I have seen similar variation in Phrag Grouville which is Eric Young x Hanne Popow. Every plant is different in shape and color, ranging from light pink to dark pink to red to red-orange and every shade in between. These are quite interesting to bloom out in a representative population!


----------



## Kevin (Sep 24, 2008)

Drorchid said:


> Yes, Dot, I agree that #8 is my favorite thus far!!
> 
> I have noticed that when we made this cross (that is the Barbara LeAnn 'Mimosa' x besseae 'Prince of Orange', Kevin is talking about), has been very variable, both in the shape of the flowers, and also in the color. The color has ranged from a light pink, coral pink, dark pink, red to magenta in color.
> 
> ...



Thanks Robert. I had seen that thread, but didn't know it was the exact same cross. I'll try to post a pic. Approximately how long 'till they bloom? (given perfect conditions). I have never bloomed a seedling Phrag, so I don't know. I'm thinking they can bloom in 3 years from flask? How old are the ones you are selling (mine)?


----------



## Kevin (Sep 24, 2008)

Kyle said:


> go through a proxy server. Gets me on Facebook at work.
> 
> Kyle



You're on Facebook at work?!  Bad Kyle.oke:


----------



## Drorchid (Sep 25, 2008)

Kevin said:


> Thanks Robert. I had seen that thread, but didn't know it was the exact same cross. I'll try to post a pic. Approximately how long 'till they bloom? (given perfect conditions). I have never bloomed a seedling Phrag, so I don't know. I'm thinking they can bloom in 3 years from flask? How old are the ones you are selling (mine)?



Yours came from the same batch as the ones that were in bloom. The seedlings have been exactly 2 years out of the flask. The first ones that bloomed were probably the most vigorous out of the batch. They were blooming from the first growth, which was still pretty small, so I am guessing yours will probably be blooming by next year (depending on how large it was), which will make them 3 years old by then.

Robert


----------



## Kevin (Sep 27, 2008)

NYEric said:


> No clones!



Just wondering - both parents have clonal names, so...what should I have said?


----------



## Kevin (Sep 27, 2008)

Drorchid said:


> Yours came from the same batch as the ones that were in bloom. The seedlings have been exactly 2 years out of the flask. The first ones that bloomed were probably the most vigorous out of the batch. They were blooming from the first growth, which was still pretty small, so I am guessing yours will probably be blooming by next year (depending on how large it was), which will make them 3 years old by then.
> 
> Robert



Mine has a leaf span of 9 inches.


----------



## NYEric (Sep 29, 2008)

Most phrags aren't meristem cultured but rather from seed pods.
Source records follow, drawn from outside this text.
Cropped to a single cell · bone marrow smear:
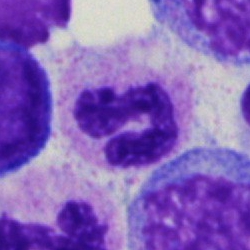Morphological class = polymorphonuclear neutrophil.
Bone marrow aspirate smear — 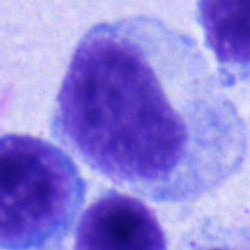Q: What is shown here?
A: Myelocyte.
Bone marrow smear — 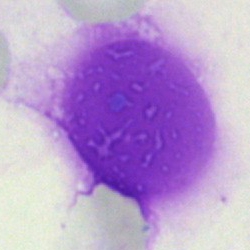
Classification = artefact.
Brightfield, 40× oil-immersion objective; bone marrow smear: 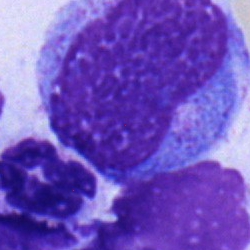This is a progranulocyte.
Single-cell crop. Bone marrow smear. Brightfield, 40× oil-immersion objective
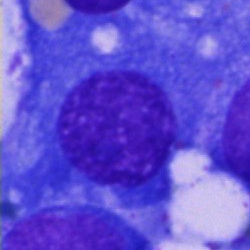

Classification = plasma cell.
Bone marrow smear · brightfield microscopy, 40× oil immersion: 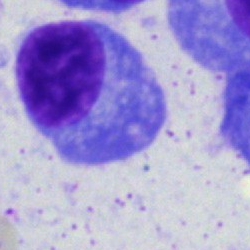

Q: What is the morphological classification of this cell?
A: This is a plasmacyte.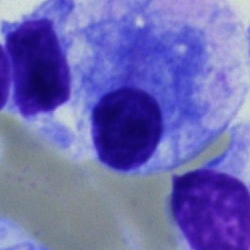
Impression — plasma cell.
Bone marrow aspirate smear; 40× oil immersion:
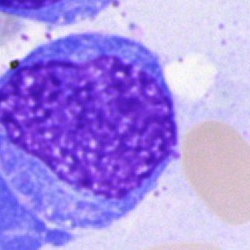Showing a blast.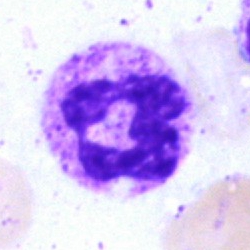 This is a segmented neutrophil.
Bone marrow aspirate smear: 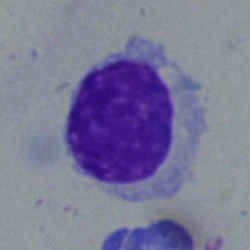Cell — typical lymphocyte.
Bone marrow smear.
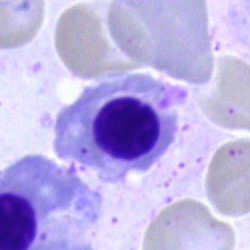 Normoblast.
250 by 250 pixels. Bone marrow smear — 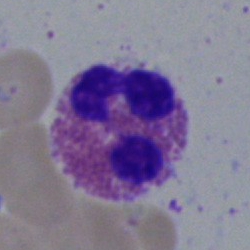

Eosinophilic granulocyte.
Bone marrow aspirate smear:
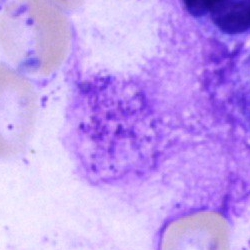Artifact.
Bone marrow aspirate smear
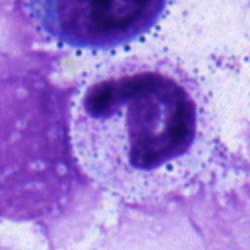 Morphology consistent with a segmented neutrophil.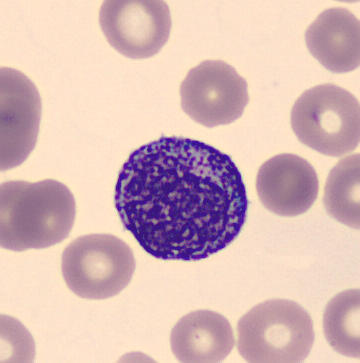
Single cell identified as a progranulocyte.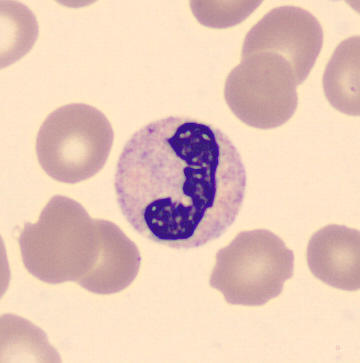 Morphology → stab cell.

Cropped to a single cell. Peripheral blood smear.
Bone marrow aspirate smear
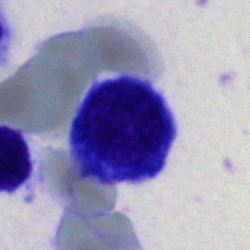This is a lymphocyte.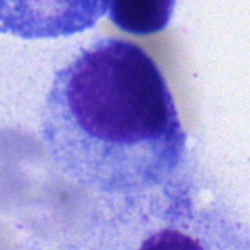
Specimen: bone marrow smear.
Cell type: myelocyte.
Lineage: myeloid.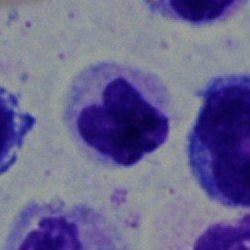 Showing a polymorphonuclear neutrophil.
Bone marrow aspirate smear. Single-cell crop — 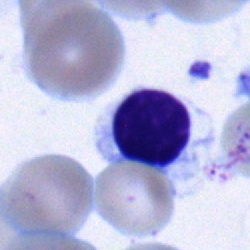

Normoblast.
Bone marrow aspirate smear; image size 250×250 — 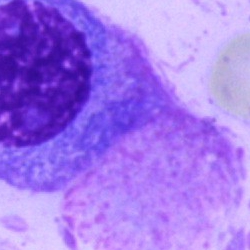
A plasmacyte.
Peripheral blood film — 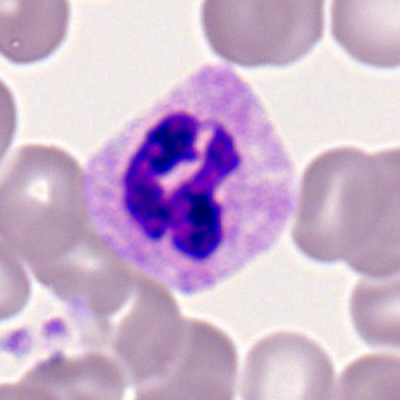

Morphology consistent with a neutrophil (segmented).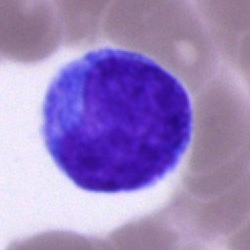Single cell identified as a blast.
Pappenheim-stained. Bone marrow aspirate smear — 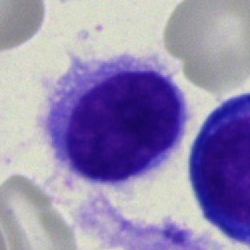This is a hairy cell.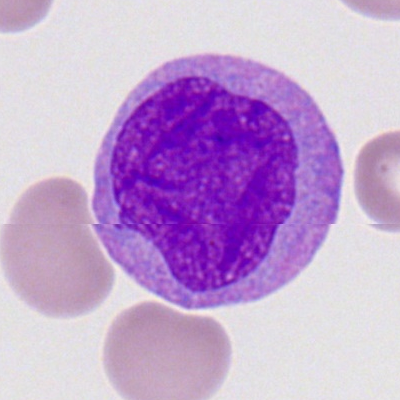Cell type — myeloblast.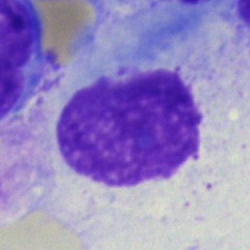The cell type is artefact.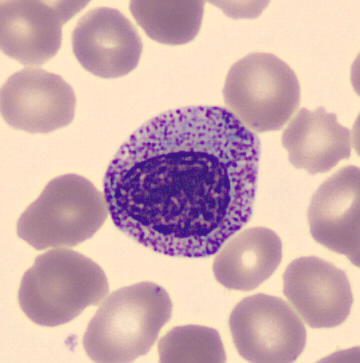
The classification is myelocyte. Preparation: Single cell centered in the field. Peripheral blood smear. Image size 360×363.
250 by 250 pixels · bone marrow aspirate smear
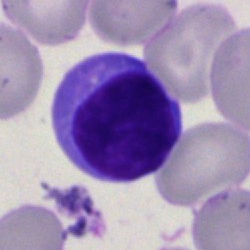

Specimen: bone marrow smear.
Morphological class: lymphocyte.
Lineage: lymphoid.
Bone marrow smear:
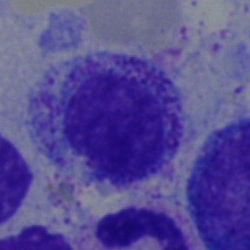 Cell — myelocyte.
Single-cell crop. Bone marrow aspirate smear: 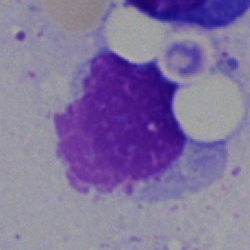

An artefact.
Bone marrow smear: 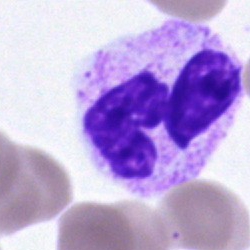
{"cell_type": "neutrophil (segmented)"}
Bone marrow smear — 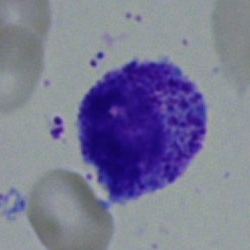Cell type: myelocyte.
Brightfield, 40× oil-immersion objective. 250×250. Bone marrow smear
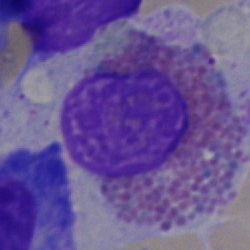

Morphology consistent with an eosinophil.
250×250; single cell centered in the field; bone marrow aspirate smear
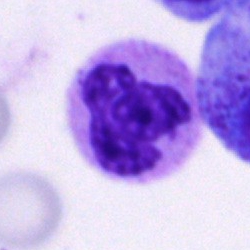 Q: Which cell type is shown here?
A: This is a segmented neutrophil.
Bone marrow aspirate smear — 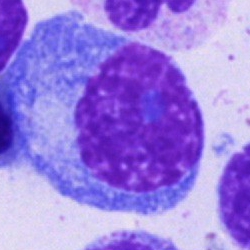

This is a plasmacyte.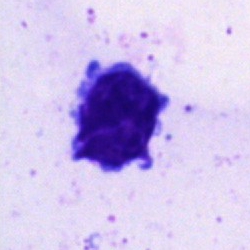

This is a lymphocyte.
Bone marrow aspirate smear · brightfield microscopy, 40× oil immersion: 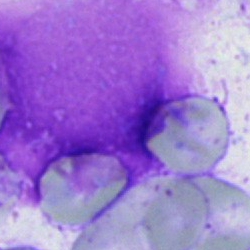

Cell — artefact.
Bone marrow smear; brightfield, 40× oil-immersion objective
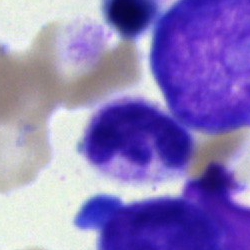 Cell type — polymorphonuclear neutrophil.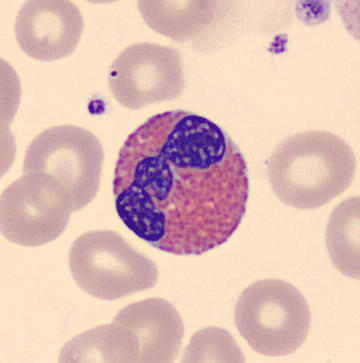MGG-stained; peripheral blood film.
This is an eosinophilic granulocyte.
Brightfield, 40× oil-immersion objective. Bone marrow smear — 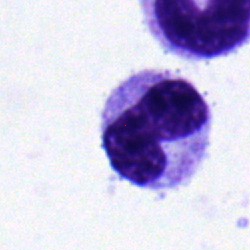

This is a metamyelocyte.
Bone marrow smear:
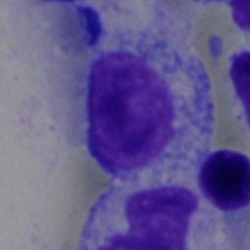
An unidentifiable cell.
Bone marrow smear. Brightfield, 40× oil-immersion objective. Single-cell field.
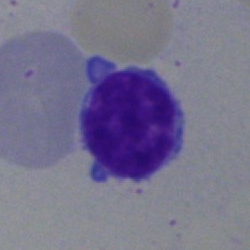

A lymphocyte.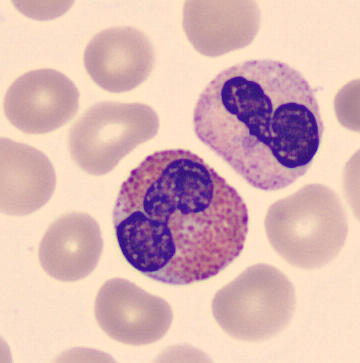 This is an eosinophil.
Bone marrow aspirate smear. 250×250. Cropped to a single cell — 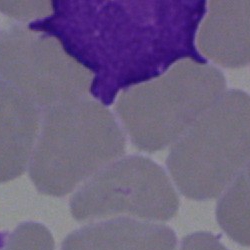

Morphology consistent with an artefact.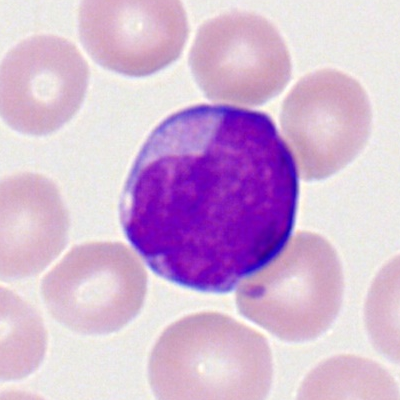

Morphology consistent with a myeloblast.

If you grow from meristems they're 'clones' i.e. grown from cells of a plant and therefore identical.


----------



## Kevin (Sep 29, 2008)

I figured that is what you were refering to, but if I asked what cross it was, some might say Barbara LeAnn x besseae, but that's not what I want to know. Know where I'm coming from? And by the way, aren't divisions 'clones' i.e. exact replicas?


----------



## Drorchid (Sep 30, 2008)

Kevin said:


> I figured that is what you were refering to, but if I asked what cross it was, some might say Barbara LeAnn x besseae, but that's not what I want to know. Know where I'm coming from? And by the way, aren't divisions 'clones' i.e. exact replicas?




The correct name should be 'Cultivar Epithet', but most people (including myself) when they give a select seedling a name they do refer to it as a 'Clonal name' even though that particular plant may be one of a kind, and thus not necessarily have to be cloned yet.

Robert


----------



## NYEric (Sep 30, 2008)

Thanx, I don't have to look it up now! 
No, divisions are divisions. You pay more for them because you know what you're getting.


----------



## Drorchid (Sep 30, 2008)

NYEric said:


> Thanx, I don't have to look it up now!
> No, divisions are divisions. You pay more for them because you know what you're getting.



And yes I would call a 'division' also a clone of the original plant. To me a division just means that you divided a plant in-situ, or in other words just like a perennial plant, out of one plant you 'divided' or pulled it apart into 2 or multiple plants. And yes Eric is correct, divisions usually are worth more. With Paph's and Phrag's that is the only way that you can 'clone' a plant, by dividing them you can only get a limited number of divisions, so they will be worth more, and also Yes, when you divide a plant they will be exactly the same (genetically) as the original plant. 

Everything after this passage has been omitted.